Q Do you wish you had all the answers?

“I think God has the answers and that we have them in any moment that we choose to listen. Each and every one of us had all the answers but we pretend that we don’t. The answer is to live in any given moment from the most openhearted perspective that we possibly can. That’s the answer with a capital ‘A’. Love each other.
The ego mind tries to make it more complicated than it is. Sometimes we have the answer and it’s not that we don’t have it, it’s that we don’t like the answer. Sometimes you don’t like what someone’s doing and the answer is to forgive that person, to be kinder to that person or to stand up to them, not procrastinate, not be lazy, to be the best you can possibly be. Take responsibility for your life... we have those answers!"

Q By responsibility do you mean for the greater good as well as personal responsibilities?

“Look at the planet! People are running around wondering what to do. But we know the answers: feed the children, look after the Earth. The issue is that we get all complicated about whether or not, or how, we’re going to do it. We don’t take responsibility. We think it’s going to take too much time or more likely, too much money.”

Q In The Age of Miracles you wrote about re-enchanting yourself and discovering some new passions...
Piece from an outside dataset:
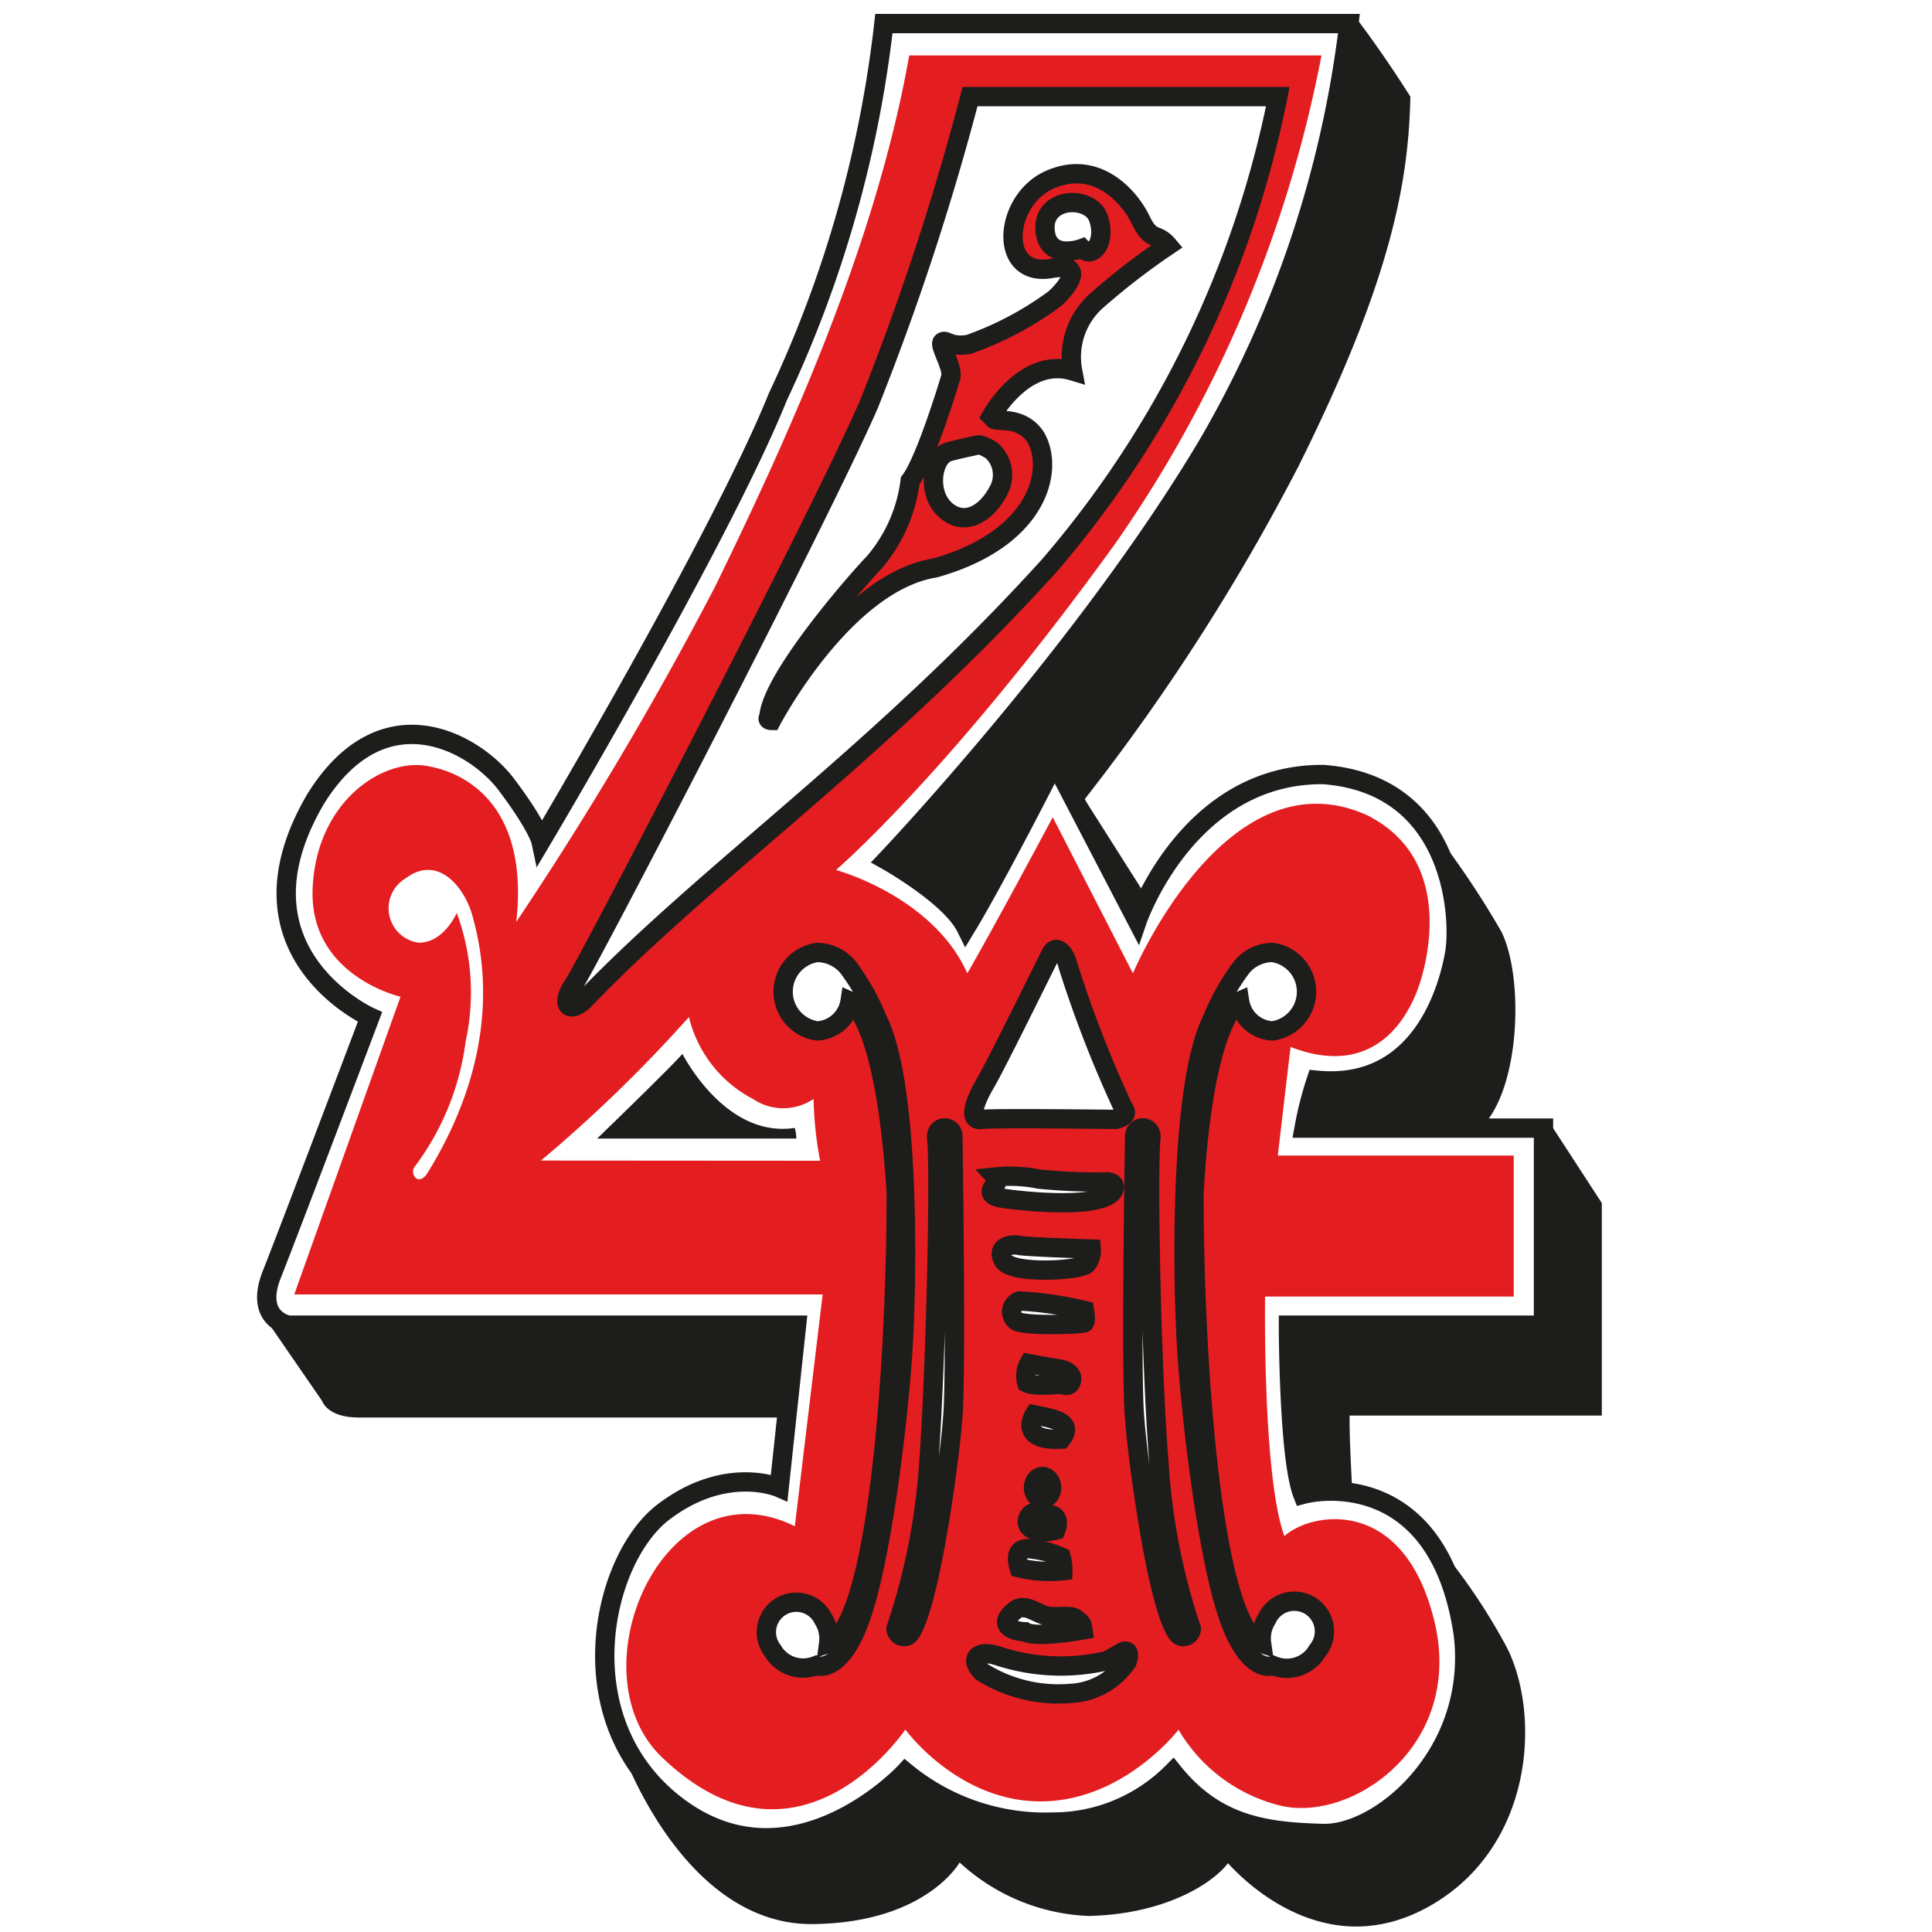 <svg xmlns="http://www.w3.org/2000/svg" id="Capa_3" data-name="Capa 3" viewBox="0 0 100 100"><defs><style>.cls-1,.cls-4{fill:#e41d20;}.cls-2{fill:none;}.cls-2,.cls-4{stroke:#1d1d1b;stroke-miterlimit:10;}.cls-3{fill:#1d1d1b;}</style></defs><path class="cls-1" d="M78.35,67.11v-7.3H66.14s.32-2.77.66-5.62c4.55,1.76,6.15-1.88,6.55-2.9s2.16-6.74-2.62-9.11c-7.29-3.24-12.09,8.2-12.09,8.2L54.49,42.3s-2.66,5-4.42,8.08c-1.79-4-6.8-5.35-6.8-5.35S49.16,40,57.73,28.13A65.69,65.69,0,0,0,68.4,2.87H47.06C45.35,12.6,40.8,22.61,37,30.39A184,184,0,0,1,26.72,47.72c.65-5.72-2.31-7.7-4.66-8.08s-5.73,1.94-5.88,6.41,4.55,5.54,4.55,5.54L15.23,67H42.58l-1.44,12c-6.79-3.37-11.53,7.61-6.83,12,7.06,6.72,12.55-1.48,12.55-1.48s2.7,3.72,7,3.72S61,89.53,61,89.53a8.45,8.45,0,0,0,5.16,3.9c3.68,1,9.67-3,8.08-9.53s-6.41-5.63-7.76-4.39c-1.14-3.13-1-12.4-1-12.4ZM22.08,60.79c-.5.63-.88-.1-.61-.41a13.69,13.69,0,0,0,2.63-6.47,11.87,11.87,0,0,0-.46-6.66s-.68,1.59-2,1.54A1.8,1.8,0,0,1,21,45.46c1.68-1.26,3.07.48,3.47,2S26.23,54.13,22.08,60.79ZM29.67,51c.69-1,12.65-24,15.3-30.06A136,136,0,0,0,50.21,5H66.14A53.09,53.09,0,0,1,54.3,29.29c-8.87,9.79-17.67,15.79-24.12,22.53C29.45,52.46,29,52,29.67,51ZM28,60.07a73.92,73.92,0,0,0,7.66-7.43,6.5,6.5,0,0,0,3.31,4.24,2.8,2.8,0,0,0,3.14,0,19,19,0,0,0,.34,3.2ZM44.61,83.55c-1.08,3.22-2.37,2.66-2.37,2.66A1.82,1.82,0,0,1,40,85.44a1.55,1.55,0,1,1,2.61-1.64,1.88,1.88,0,0,1,.28,1.26c2.51-.82,3.5-14.17,3.5-23.3C45.83,52.63,44,51.82,44,51.82a1.82,1.82,0,0,1-1.7,1.54,2.05,2.05,0,0,1,0-4.06,2.09,2.09,0,0,1,1.6.77,12.18,12.18,0,0,1,1.52,2.7c1.66,3.3,1.54,12.89,1.34,16.61S45.69,80.34,44.61,83.55Zm4.7-10.15c-.12,1.83-1.07,9-2.06,10.9-.12.22-.22.41-.45.41a.42.42,0,0,1-.42-.42l.09-.27a33.66,33.66,0,0,0,1.61-8.38c.37-5.1.58-15.24.4-16.74a.31.31,0,0,0,0-.1.42.42,0,0,1,.84,0S49.51,71.34,49.31,73.4ZM51,56.07c.66-1.14,3.16-6.26,3.42-6.74s.73.05.85.62a61,61,0,0,0,2.88,7.41c.37.43-.41.58-.41.58s-6.31-.08-6.94,0S50.33,57.21,51,56.07ZM54.4,78.4c.54.13.25.8.25.8-1,.26-1.64-.11-1.45-.6S53.86,78.28,54.4,78.4ZM53.49,77a.53.53,0,0,1,.47-.58.6.6,0,1,1-.47.58Zm0-3.77c.94.19,2.11.35,1.4,1.26C52.66,74.6,53.53,73.23,53.53,73.23ZM55,71.67c-.18-.06-1.38.14-1.85-.09a1.31,1.31,0,0,1,.11-1s.91.17,1.48.26.78.33.72.62S55.18,71.73,55,71.67Zm-1.5,8.52a4.94,4.94,0,0,1,1.43.4,2.49,2.49,0,0,1,.09.71,6.64,6.64,0,0,1-2.26-.15C52.62,80.71,52.52,80,53.49,80.19Zm.74,3.46c.56.1,1.18-.11,1.5.16s.27.25.32.56c0,0-2.47.44-3,.09-.48,0-1.59-.3-.45-1.16C53.13,83,53.67,83.54,54.23,83.65ZM52.56,68.34a.59.59,0,0,1,.21-1,18.55,18.55,0,0,1,3.36.49s.1.53,0,.63S52.8,68.66,52.56,68.34Zm-.64-3.12c-.38-.74.5-.84.82-.76s3.74.19,3.74.19a1.12,1.12,0,0,1-.23.77C56,65.76,52.3,66,51.92,65.22ZM51.77,62c-.73-.15-.42-.53-.24-.7a.28.28,0,0,0,0-.38,7.48,7.48,0,0,1,2.25.11,30.54,30.54,0,0,0,3.41.15c.29-.06.74.15.32.59C56.56,62.61,52.5,62.13,51.77,62Zm6.57,24a3.73,3.73,0,0,1-2.92,1.65,7.44,7.44,0,0,1-4.59-1.11c-.66-.64-.27-1.2.86-.82a10.39,10.39,0,0,0,5.63.23l.63-.36C58.22,85.4,58.55,85.34,58.34,86Zm2.9-1.25c-.23,0-.33-.19-.45-.41-1-1.9-1.94-9.07-2.06-10.9-.21-2.06,0-14.6,0-14.6a.42.42,0,0,1,.42-.42.42.42,0,0,1,.42.42s0,.06,0,.1c-.17,1.5,0,11.64.41,16.74A33.85,33.85,0,0,0,61.56,84c.06.18.1.27.1.27A.42.42,0,0,1,61.24,84.71Zm4.06.35a1.87,1.87,0,0,1,.27-1.26,1.56,1.56,0,1,1,2.62,1.64,1.83,1.83,0,0,1-2.29.77s-1.28.56-2.36-2.66S61.6,73.11,61.4,69.38s-.32-13.31,1.34-16.61a12.18,12.18,0,0,1,1.52-2.7,2.08,2.08,0,0,1,1.6-.77,2.05,2.05,0,0,1,0,4.06,1.82,1.82,0,0,1-1.7-1.54s-1.84.81-2.36,9.94C61.8,70.89,62.79,84.24,65.3,85.06Z"></path><path class="cls-2" d="M29.67,51c.69-1,12.65-24,15.3-30.06A136,136,0,0,0,50.21,5H66.14A53.09,53.09,0,0,1,54.3,29.29c-8.87,9.79-17.67,15.79-24.12,22.53C29.45,52.46,29,52,29.67,51Z"></path><path class="cls-2" d="M44.61,83.55c-1.08,3.22-2.37,2.66-2.37,2.66A1.82,1.82,0,0,1,40,85.44a1.55,1.55,0,1,1,2.61-1.64,1.88,1.88,0,0,1,.28,1.26c2.51-.82,3.5-14.17,3.5-23.3C45.83,52.63,44,51.82,44,51.82a1.82,1.82,0,0,1-1.7,1.54,2.05,2.05,0,0,1,0-4.06,2.09,2.09,0,0,1,1.6.77,12.18,12.18,0,0,1,1.52,2.7c1.66,3.3,1.54,12.89,1.34,16.61S45.69,80.34,44.61,83.55Z"></path><path class="cls-2" d="M49.31,73.4c-.12,1.83-1.07,9-2.06,10.9-.12.22-.22.41-.45.41a.42.42,0,0,1-.42-.42l.09-.27a33.66,33.66,0,0,0,1.61-8.38c.37-5.1.58-15.24.4-16.74a.31.31,0,0,0,0-.1.42.42,0,0,1,.84,0S49.51,71.34,49.31,73.4Z"></path><path class="cls-2" d="M51,56.07c.66-1.14,3.16-6.26,3.42-6.74s.73.05.85.62a61,61,0,0,0,2.88,7.41c.37.43-.41.58-.41.58s-6.31-.08-6.94,0S50.33,57.21,51,56.07Z"></path><path class="cls-2" d="M54.4,78.4c.54.13.25.8.25.8-1,.26-1.64-.11-1.45-.6S53.86,78.28,54.4,78.4Z"></path><ellipse class="cls-2" cx="53.96" cy="77" rx="0.47" ry="0.58"></ellipse><path class="cls-2" d="M53.53,73.23c.94.19,2.11.35,1.4,1.26C52.66,74.6,53.53,73.23,53.53,73.23Z"></path><path class="cls-2" d="M55,71.67c-.18-.06-1.38.14-1.85-.09a1.31,1.31,0,0,1,.11-1s.91.17,1.48.26.78.33.72.62S55.18,71.73,55,71.67Z"></path><path class="cls-2" d="M53.49,80.19a4.94,4.94,0,0,1,1.43.4,2.49,2.49,0,0,1,.09.71,6.64,6.64,0,0,1-2.26-.15C52.62,80.71,52.52,80,53.49,80.19Z"></path><path class="cls-2" d="M54.23,83.65c.56.1,1.18-.11,1.5.16s.27.25.32.56c0,0-2.47.44-3,.09-.48,0-1.59-.3-.45-1.16C53.13,83,53.67,83.54,54.23,83.65Z"></path><path class="cls-2" d="M52.56,68.34a.59.59,0,0,1,.21-1,18.55,18.55,0,0,1,3.36.49s.1.53,0,.63S52.8,68.66,52.56,68.34Z"></path><path class="cls-2" d="M51.92,65.22c-.38-.74.5-.84.82-.76s3.74.19,3.74.19a1.12,1.12,0,0,1-.23.77C56,65.76,52.3,66,51.92,65.22Z"></path><path class="cls-2" d="M51.77,62c-.73-.15-.42-.53-.24-.7a.28.28,0,0,0,0-.38,7.48,7.48,0,0,1,2.25.11,30.54,30.54,0,0,0,3.41.15c.29-.06.74.15.32.59C56.56,62.61,52.5,62.13,51.77,62Z"></path><path class="cls-2" d="M58.34,86a3.73,3.73,0,0,1-2.92,1.65,7.44,7.44,0,0,1-4.59-1.11c-.66-.64-.27-1.2.86-.82a10.39,10.39,0,0,0,5.63.23l.63-.36C58.22,85.4,58.55,85.34,58.34,86Z"></path><path class="cls-2" d="M65.3,85.06a1.87,1.87,0,0,1,.27-1.26,1.56,1.56,0,1,1,2.62,1.64,1.83,1.83,0,0,1-2.29.77s-1.28.56-2.36-2.66S61.6,73.11,61.4,69.38s-.32-13.31,1.34-16.61a12.18,12.18,0,0,1,1.52-2.7,2.08,2.08,0,0,1,1.6-.77,2.05,2.05,0,0,1,0,4.06,1.82,1.82,0,0,1-1.7-1.54s-1.84.81-2.36,9.94C61.8,70.89,62.79,84.24,65.3,85.06Z"></path><path class="cls-2" d="M61.24,84.71c-.23,0-.33-.19-.45-.41-1-1.9-1.94-9.07-2.06-10.9-.21-2.06,0-14.6,0-14.6a.42.42,0,0,1,.42-.42.42.42,0,0,1,.42.42s0,.06,0,.1c-.17,1.5,0,11.64.41,16.74A33.85,33.85,0,0,0,61.56,84c.06.18.1.27.1.27A.42.42,0,0,1,61.24,84.71Z"></path><path class="cls-3" d="M30.91,58.93s3.84-3.71,4.41-4.38c.3.55,2.43,4.35,5.82,3.83a2.75,2.75,0,0,1,.08.55Z"></path><path class="cls-2" d="M45.75,1.22H69.82A56.62,56.62,0,0,1,62.53,23C56.16,33.71,45.88,44.52,45.88,44.52S49.19,46.37,50,48c1.59-2.62,4.59-8.54,4.59-8.54l4.27,8.2s2.61-7.63,9.64-7.57c6.88.52,7.08,7.57,6.8,9.22s-1.65,7.15-7.17,6.6a17.79,17.79,0,0,0-.63,2.48H79.89V68.59H66.69s0,6.87.74,8.76c1.31-.35,7.11-.93,8.31,7.24.74,6.13-4.27,10.39-7.26,10.31s-5.55-.42-7.77-3.18a8.74,8.74,0,0,1-6.22,2.59,11.4,11.4,0,0,1-7.63-2.59s-5.74,6.2-11.68,1.86-4.09-12.83-.85-15.31,6-1.27,6-1.27l.9-8.41H14.93s-1.78-.31-.86-2.63,5.08-13.32,5.08-13.32-7.46-3.37-2.81-11.29c3.51-5.64,8.26-2.89,9.88-.73S28,43.54,28,43.54s9.28-15.61,12.26-23A61.28,61.28,0,0,0,45.75,1.22Z"></path><path class="cls-4" d="M60.46,12.71c-.61-.72-.85-.15-1.42-1.33s-2.27-3.15-4.7-2.08-2.69,5.12.11,4.59c1.86-.31.69,1.1.12,1.59a17,17,0,0,1-4.44,2.35c-1,.15-1.14-.27-1.35-.13s.57,1.33.43,1.82-1.33,4.37-2.1,5.37a8,8,0,0,1-1.85,4.21c-1.22,1.28-5.32,6.06-5.46,8-.14.19.13.19.13.19s3.74-7.13,8.45-7.89c5.39-1.51,6.21-5.11,5.22-6.78-.72-1.1-2-.77-2.14-.92l-.15-.15s1.7-3.11,4.21-2.35a3.89,3.89,0,0,1,1.29-3.68A35.9,35.9,0,0,1,60.46,12.71ZM51.34,23.33a1.69,1.69,0,0,1,.35,2.05c-.63,1.23-1.79,1.9-2.77,1s-.67-2.77.2-3,1.16-.26,1.43-.34S51.34,23.33,51.34,23.33ZM56,12.86s-1.82.68-1.91-1,2.36-1.77,2.77-.55S56.54,13.43,56,12.86Z"></path><path class="cls-3" d="M13.81,68.36l2.86,4.15s.26.86,1.88.86H40.73l.49-4.78H14.57l-.44-.47Z"></path><path class="cls-3" d="M73.65,42.3a45.5,45.5,0,0,1,4.06,5.92c1.17,2.35,1,8.15-1.06,10.16H67.48l.63-2.48s5.23.48,6.43-4.08S75.2,44.08,73.65,42.3Z"></path><path class="cls-3" d="M70,77.27s-.18-3.11-.14-4H82.91v-11l-2.66-4.09V68.59H66.69s-.19,7.42.74,8.76A5.5,5.5,0,0,1,70,77.27Z"></path><path class="cls-3" d="M32.19,90.59s3.11,8.91,9.71,9c6,0,7.77-3.19,7.77-3.19a10.44,10.44,0,0,0,6.68,2.77c3.76-.08,6.3-1.56,7.21-2.73.91,1,5.16,5.23,10.47,2.2s5.73-9.76,4-13.3a31,31,0,0,0-3.49-5.21,11.86,11.86,0,0,1,1.23,6.7c-.58,3.31-2.11,6.23-5.54,7.69s-8.24-.64-9.5-2.83A9.17,9.17,0,0,1,52.8,94.2c-4.45-.65-5.94-2.48-5.94-2.48s-3.24,3.61-7.19,3.4A9.33,9.33,0,0,1,32.19,90.59Z"></path><path class="cls-3" d="M67.2,24.15A109.37,109.37,0,0,1,56.14,41.37l3.22,5.08-.49,1.1L55.79,41.8h0l-1.22-2.35S51,46,50,47.88c-.75-1.68-4.16-3.36-4.16-3.36a65.72,65.72,0,0,0,5.36-5.89c10.66-12.25,14-20.74,15.68-25.29A102.32,102.32,0,0,0,70.16.89S71.47,2.58,73,5C72.91,9.43,72,14.53,67.2,24.15Z"></path></svg>

“The physical demands of age demands that you slow down a bit, and at first this is shocking. But for me I look back at my younger days and see I made mistakes I wouldn’t have made if I had been more contemplative. I see the speed of my youth. But just because you move around doesn’t mean you’re getting anywhere. You lived life so fast you couldn’t appreciate what you had.So what I feel now is that because nature demands I slow down, it actually supports me in being more reflective.
I think things through more. Like what we were talking about earlier, happiness doesn’t come from accumulating more stuff you think will make you happy, it comes from appreciating the stuff that you have. But when you’re moving too fast and trying to get more, you don’t see what you have.”

Q Does this mean we shouldn’t expect some sort of midlife dilemma?

“I think there is a level of crisis but this is about turning a crisis into a process. And that does involve losing passion for the things you’re no longer passionate about.
I want to show you this quote from Carl Jung, ‘We cannot live the afternoon of life according to the programme of the morning; for what was great in the morning will be little at evening, and what in the morning was true will at evening have become a lie.’ The things you were passionate about when you were young no longer apply. But you have to move through that and that’s where new passion emerges.”

Q Do you spend more or less time thinking about the future as you get olde
r?

“On one hand, you think that what happens 50 years from now should matter even less because you won’t be here. But it doesn’t work like that. The less time you have left, you really realise what human suffering is. You become passionate about future generations. You become passionate about turning the planet around.
The planet today is like the Titanic heading towards the iceberg. If you just look at the probability factor from human history based on rational analysis – we’re on our way to disaster. We’re in denial and it’s the job of this generation now to turn the probability factor into a possibility factor, and that is what you become passionate about when you are a conscious, mature person.”

Q What advice can you give to those of us worried about getting old and ugly?

“Don’t plan on getting old and ugly! People can age magnificently. Does it take more work? Absolutely. But you’ve seen those women of say, 70, walking down the street and they have it going on. It can be done. There are seasons of life and winter is beautiful, just in a different way. Recently a man who was interviewing me asked what it was like to be in the autumn of my life. I said, ‘Well I don’t have so many leaves on my tree now but the ones I do have are a lot more colourful!’ You don’t have to be young to be fabulous.”